Massive economic mobilisation necessitated labour co-operation. In more open political systems, political logic pointed towards a role for labour politicians in the running of the war economy. In France, the socialist Albert Thomas (1878-1932) was central to munitions policy from October 1914. In Britain, Arthur Henderson (1863-1935) had played a role in industrial mobilisation even before he entered the government, later joining the war cabinet at the end of 1916. While the Labour party in Britain divided over the war with Ramsay MacDonald (1866-1937) and others opposing it, the split in the Liberal party was to prove more acrimonious and more enduring, contributing to post-war party realignment.
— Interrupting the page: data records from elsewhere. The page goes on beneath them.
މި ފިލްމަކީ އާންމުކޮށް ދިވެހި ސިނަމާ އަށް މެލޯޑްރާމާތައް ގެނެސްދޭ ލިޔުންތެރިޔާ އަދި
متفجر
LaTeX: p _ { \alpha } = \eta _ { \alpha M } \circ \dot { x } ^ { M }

The SPD in Germany operated in a harsher environment. Reflecting its vision of the Burgfrieden, the SDP sought to win rights for its members, including the right to be an officer. No SPD politicians entered the war cabinet. In Italy, the decision to neither undermine nor collaborate with the war effort prescribed involvement in government. In more repressive regimes, notably Russia, such choices were unavailable.
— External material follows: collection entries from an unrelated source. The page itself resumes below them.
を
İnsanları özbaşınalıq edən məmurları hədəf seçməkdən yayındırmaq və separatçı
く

The emergence of war economies made the attitudes of the trade unions especially salient. The war witnessed significant developments in a number of nations in the role of trade unions. In Britain and France, trade unionists were incorporated into the governing of the economy, imparting political influence while associating unions with the doings of the state. It has been argued that war led the German military to discover the hard-headed virtues of German trade union leaders.[19] Certainly, legal persecution of trade unionists ceased, while the Auxiliary Service Law conferred novel rights upon unions. It officially recognised claims to speak for labour, instituted elected works committees in all companies that employed more than fifty people, allowing unions to penetrate hostile heavy industry, and gave unions a voice in decisions on plant rationalisation and labour mobility. Paragraph 9, permitting workers to change jobs if doing so secured “a suitable improvement in his working conditions,” was expressly fought for by the unions.[20] In Britain, trade unions contributed to governing the home front through a variety of fora. Enhanced political access in Westminster and Whitehall was accompanied by participation in Joint Industrial Councils, affecting wages and conditions. In France, socialist politicians were more inclined to join the administration of the war, with Jules Guesde (1845-1922) and Marcel Sembat (1862-1922) becoming ministers before Thomas, than the Confédération générale du travail (CGT), which was less closely integrated into the machinery of government than the Trades Union Congress in Britain. Nevertheless, trade unionists sat in committees with government and business. Regimes that took a harsher line on workers’ rights in general were not keen to involve unions in decisions. Only in March 1917 did unions in Austria-Hungary gain access to institutions in militarised industry determining working conditions. In the early phases of the war especially, Italian trade unions had no voice in the determination of working conditions. Trade unions in Russia faced the most overt exclusion and oppression, and were unable to operate legally.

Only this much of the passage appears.